### PROMPT
Make an exact copy of the records that follow, with each picture omitted.

### GIVEN DATA
[Start of section]

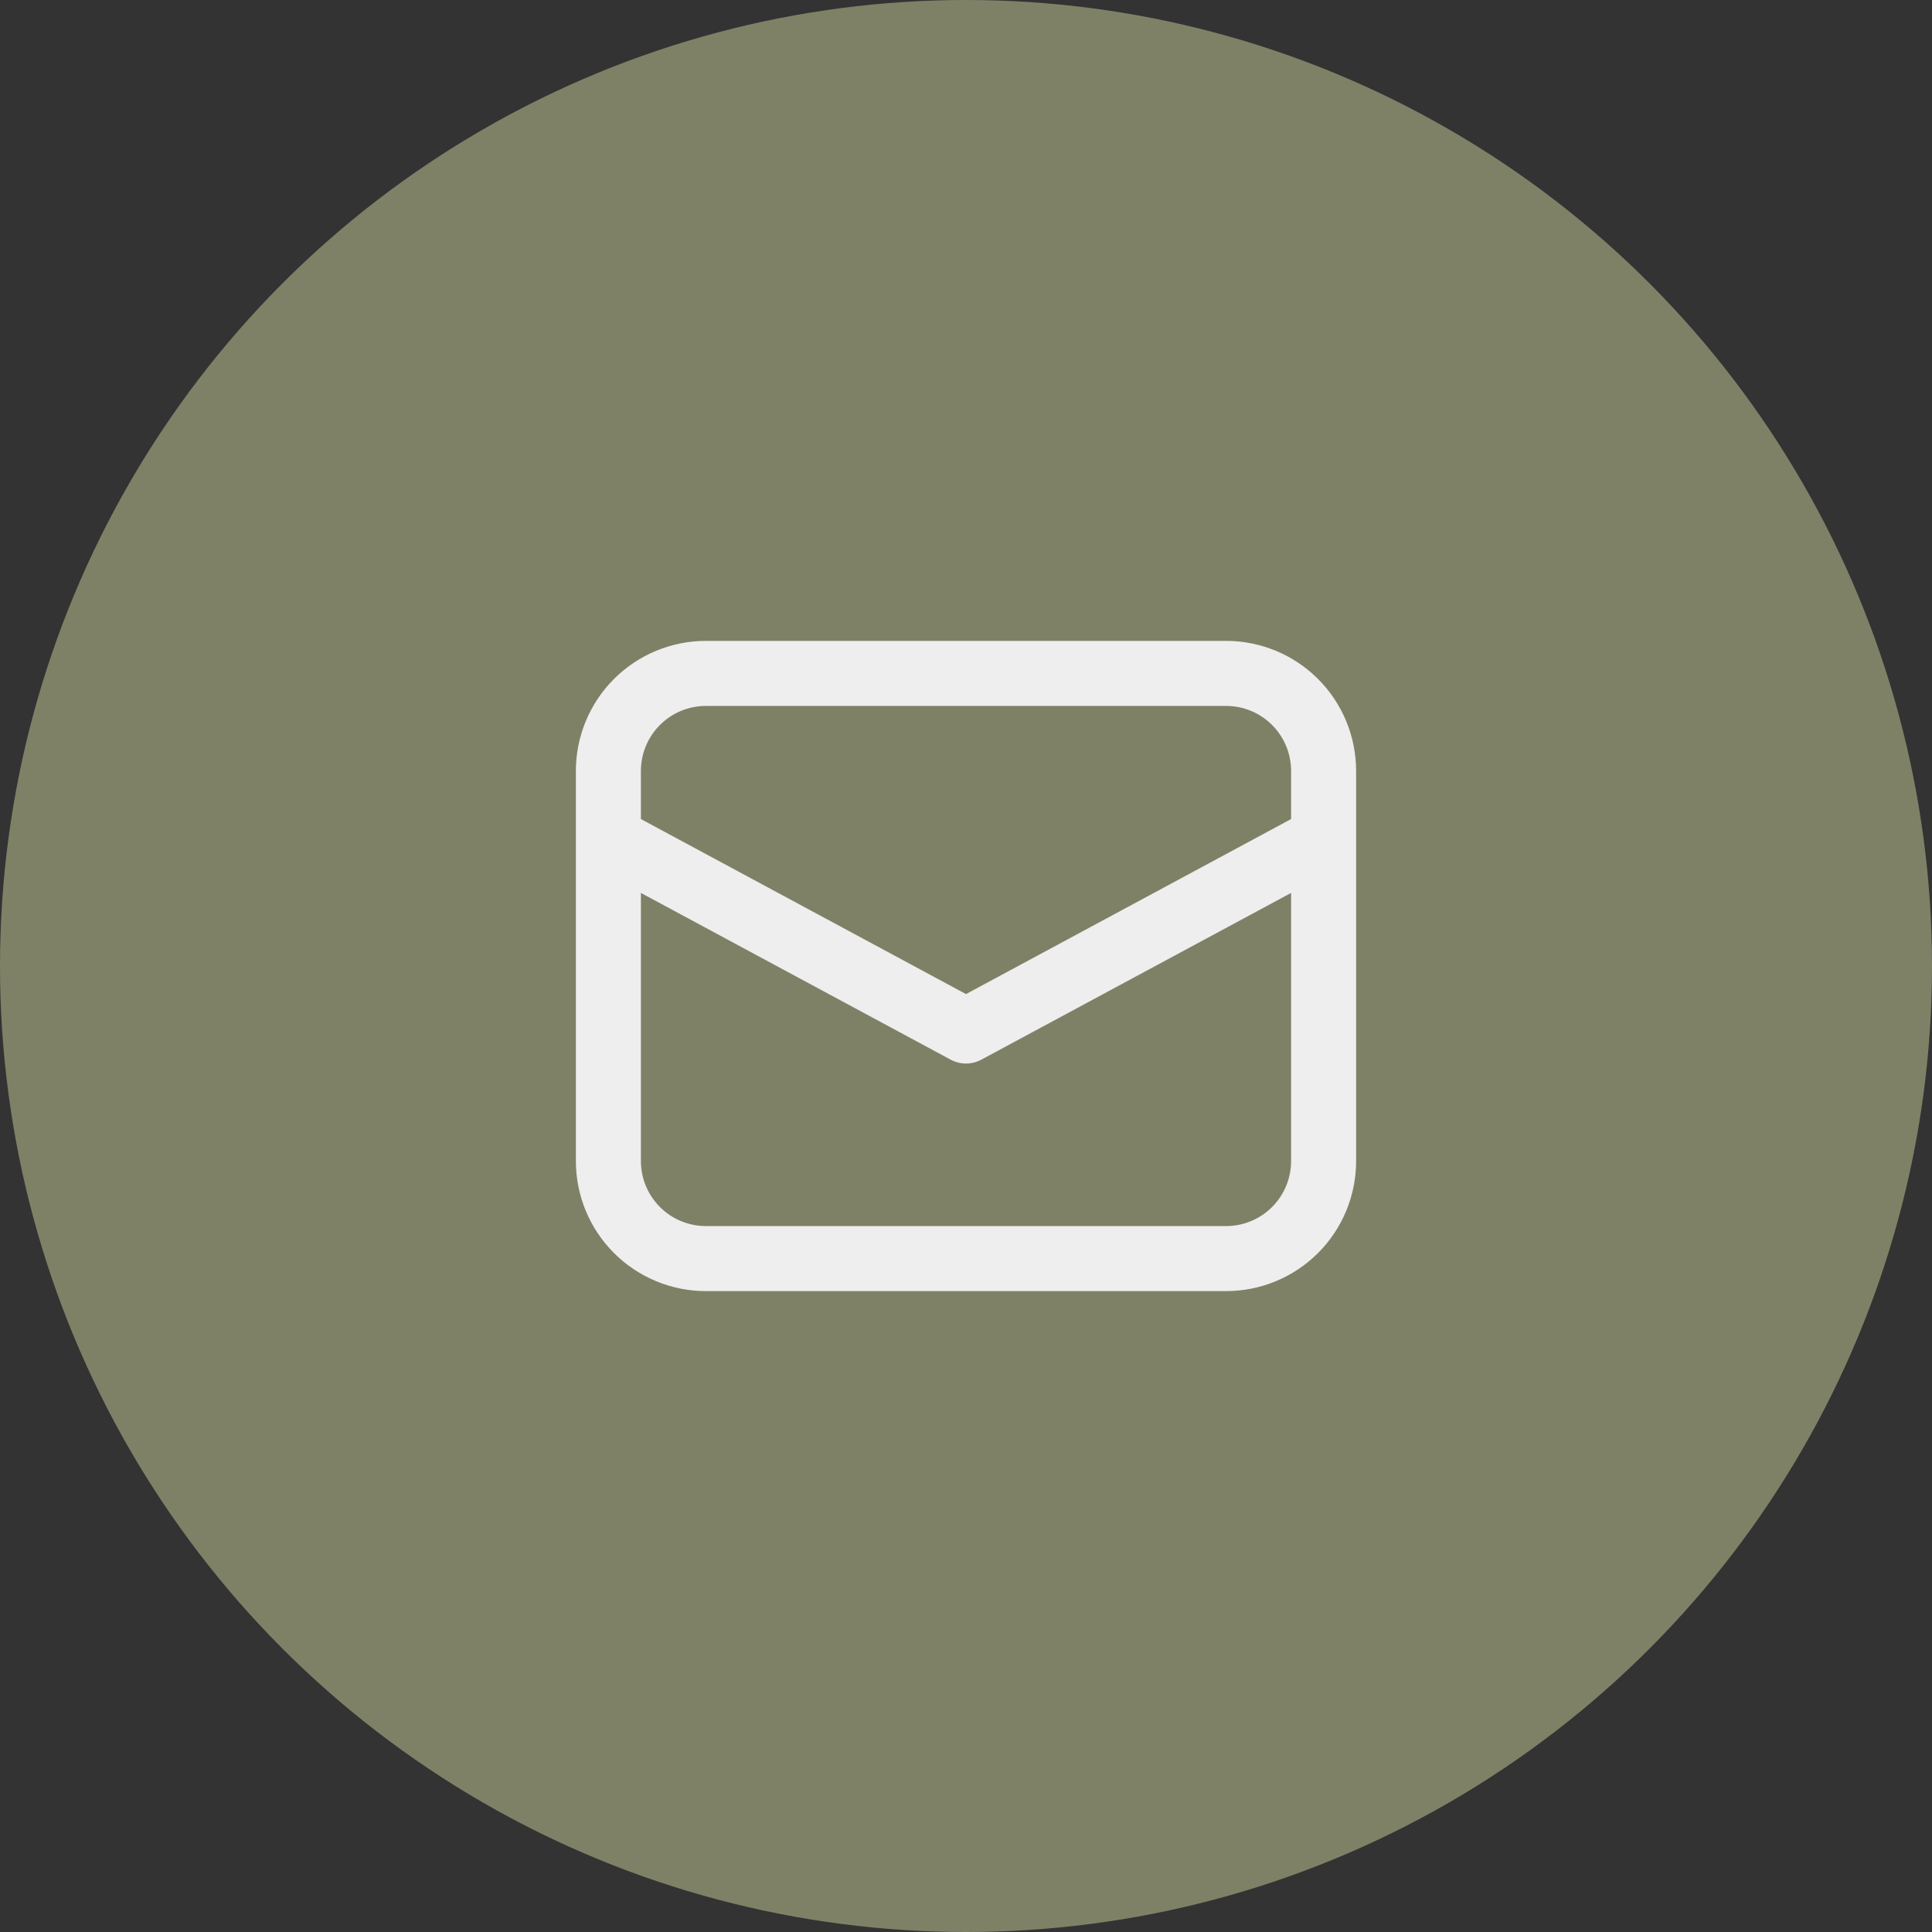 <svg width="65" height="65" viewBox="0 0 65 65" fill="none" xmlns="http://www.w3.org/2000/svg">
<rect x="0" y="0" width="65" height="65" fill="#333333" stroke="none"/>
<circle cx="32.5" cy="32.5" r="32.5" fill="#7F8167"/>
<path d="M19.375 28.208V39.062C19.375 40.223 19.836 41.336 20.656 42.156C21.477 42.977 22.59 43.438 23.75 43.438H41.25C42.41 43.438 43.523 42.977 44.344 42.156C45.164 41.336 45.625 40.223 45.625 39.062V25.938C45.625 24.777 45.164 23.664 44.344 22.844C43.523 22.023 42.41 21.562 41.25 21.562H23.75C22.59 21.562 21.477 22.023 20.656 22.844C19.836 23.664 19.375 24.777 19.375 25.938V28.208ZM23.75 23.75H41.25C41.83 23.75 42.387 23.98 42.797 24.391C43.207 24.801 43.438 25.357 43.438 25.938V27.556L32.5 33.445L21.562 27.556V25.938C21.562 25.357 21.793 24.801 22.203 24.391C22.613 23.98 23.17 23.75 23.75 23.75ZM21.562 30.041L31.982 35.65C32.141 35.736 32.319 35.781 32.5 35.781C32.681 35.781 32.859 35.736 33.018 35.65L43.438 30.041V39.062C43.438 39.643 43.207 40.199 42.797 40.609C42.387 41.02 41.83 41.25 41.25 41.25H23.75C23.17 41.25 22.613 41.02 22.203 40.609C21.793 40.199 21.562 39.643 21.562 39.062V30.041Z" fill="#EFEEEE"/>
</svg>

[End of section]

### THE COMPLETED TASK
 <svg width="65" height="65" viewBox="0 0 65 65" fill="none" xmlns="http://www.w3.org/2000/svg">
<rect x="0" y="0" width="65" height="65" fill="#333333" stroke="none"/>
<circle cx="32.5" cy="32.5" r="32.5" fill="#7F8167"/>
<path d="M19.375 28.208V39.062C19.375 40.223 19.836 41.336 20.656 42.156C21.477 42.977 22.59 43.438 23.75 43.438H41.25C42.41 43.438 43.523 42.977 44.344 42.156C45.164 41.336 45.625 40.223 45.625 39.062V25.938C45.625 24.777 45.164 23.664 44.344 22.844C43.523 22.023 42.41 21.562 41.25 21.562H23.75C22.59 21.562 21.477 22.023 20.656 22.844C19.836 23.664 19.375 24.777 19.375 25.938V28.208ZM23.75 23.75H41.25C41.83 23.75 42.387 23.98 42.797 24.391C43.207 24.801 43.438 25.357 43.438 25.938V27.556L32.5 33.445L21.562 27.556V25.938C21.562 25.357 21.793 24.801 22.203 24.391C22.613 23.98 23.17 23.75 23.75 23.75ZM21.562 30.041L31.982 35.65C32.141 35.736 32.319 35.781 32.5 35.781C32.681 35.781 32.859 35.736 33.018 35.65L43.438 30.041V39.062C43.438 39.643 43.207 40.199 42.797 40.609C42.387 41.02 41.83 41.25 41.25 41.25H23.75C23.17 41.25 22.613 41.02 22.203 40.609C21.793 40.199 21.562 39.643 21.562 39.062V30.041Z" fill="#EFEEEE"/>
</svg>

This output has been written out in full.